Items listed in a dataset
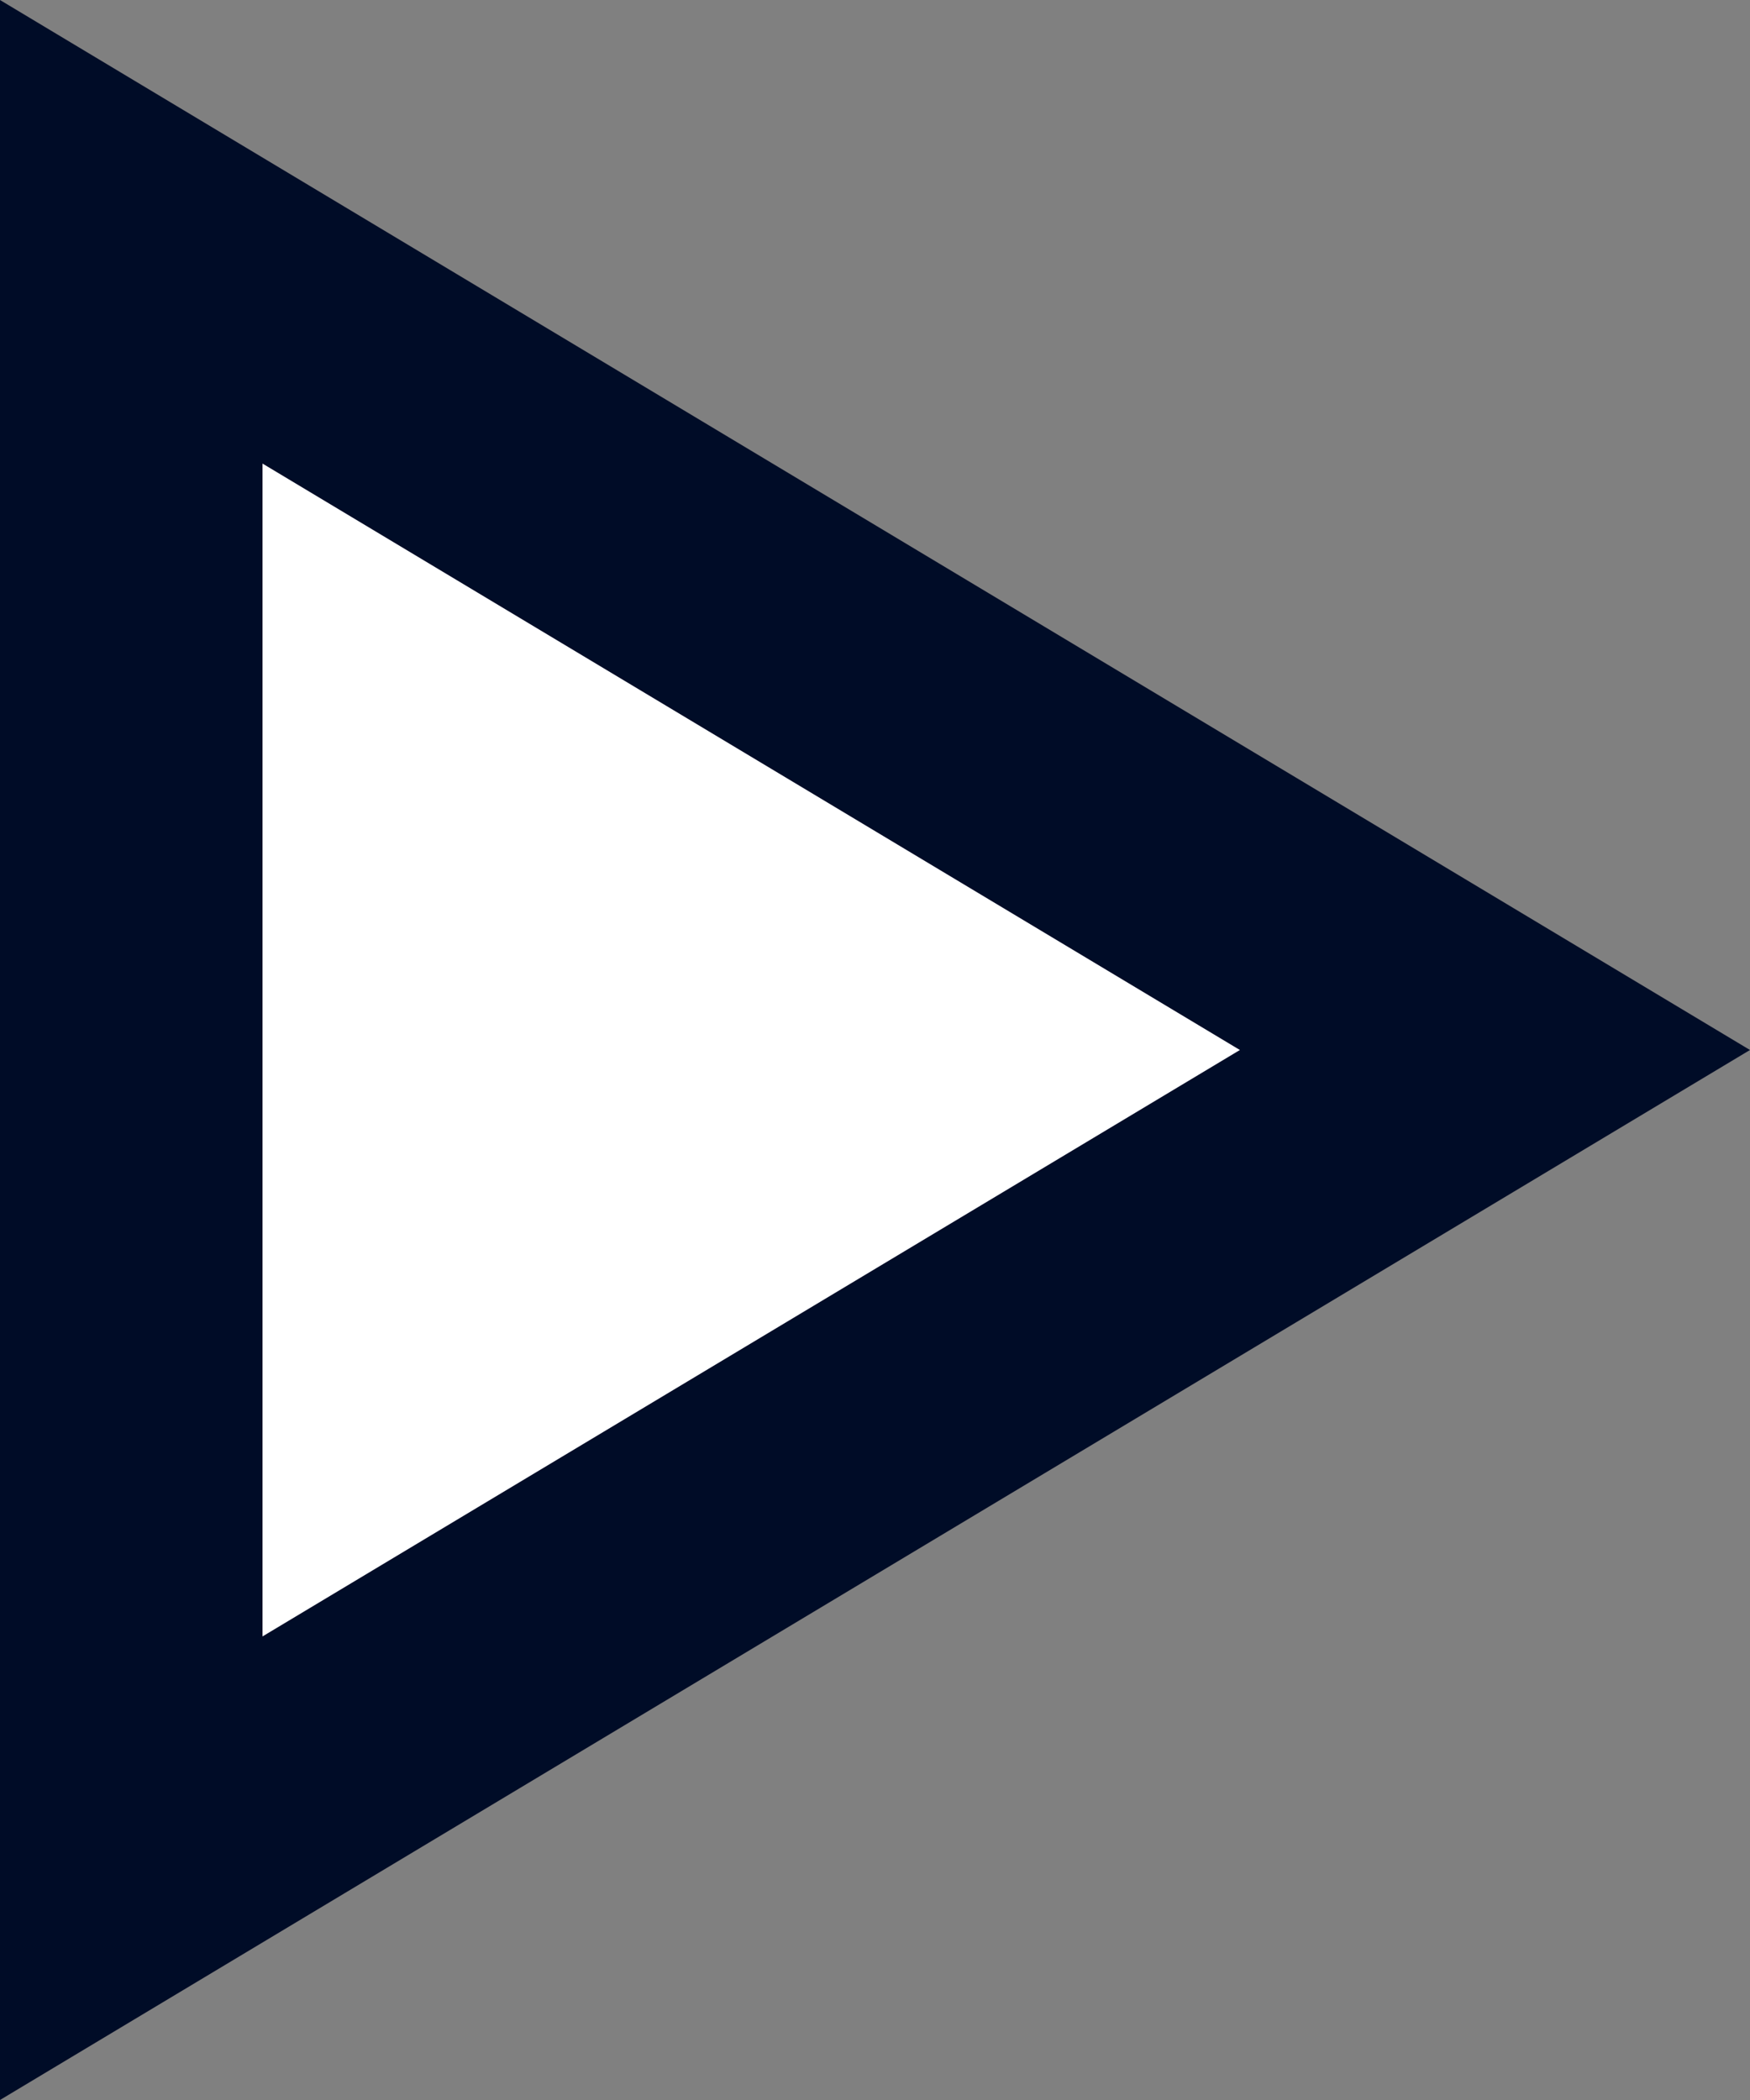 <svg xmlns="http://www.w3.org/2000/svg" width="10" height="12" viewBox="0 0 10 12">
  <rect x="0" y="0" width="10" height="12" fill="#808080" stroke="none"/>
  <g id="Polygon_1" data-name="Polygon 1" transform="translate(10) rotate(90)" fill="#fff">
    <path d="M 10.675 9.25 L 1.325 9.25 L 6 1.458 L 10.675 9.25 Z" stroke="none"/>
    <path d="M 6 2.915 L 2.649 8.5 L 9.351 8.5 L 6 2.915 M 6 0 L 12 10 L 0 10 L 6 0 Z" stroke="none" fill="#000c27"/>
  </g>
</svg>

**TASK ITEM**
Before printing the records again, strip out the pictures; change nothing else.

**WRITTEN ANSWER**
 <svg xmlns="http://www.w3.org/2000/svg" width="10" height="12" viewBox="0 0 10 12">
  <rect x="0" y="0" width="10" height="12" fill="#808080" stroke="none"/>
  <g id="Polygon_1" data-name="Polygon 1" transform="translate(10) rotate(90)" fill="#fff">
    <path d="M 10.675 9.25 L 1.325 9.25 L 6 1.458 L 10.675 9.25 Z" stroke="none"/>
    <path d="M 6 2.915 L 2.649 8.5 L 9.351 8.5 L 6 2.915 M 6 0 L 12 10 L 0 10 L 6 0 Z" stroke="none" fill="#000c27"/>
  </g>
</svg>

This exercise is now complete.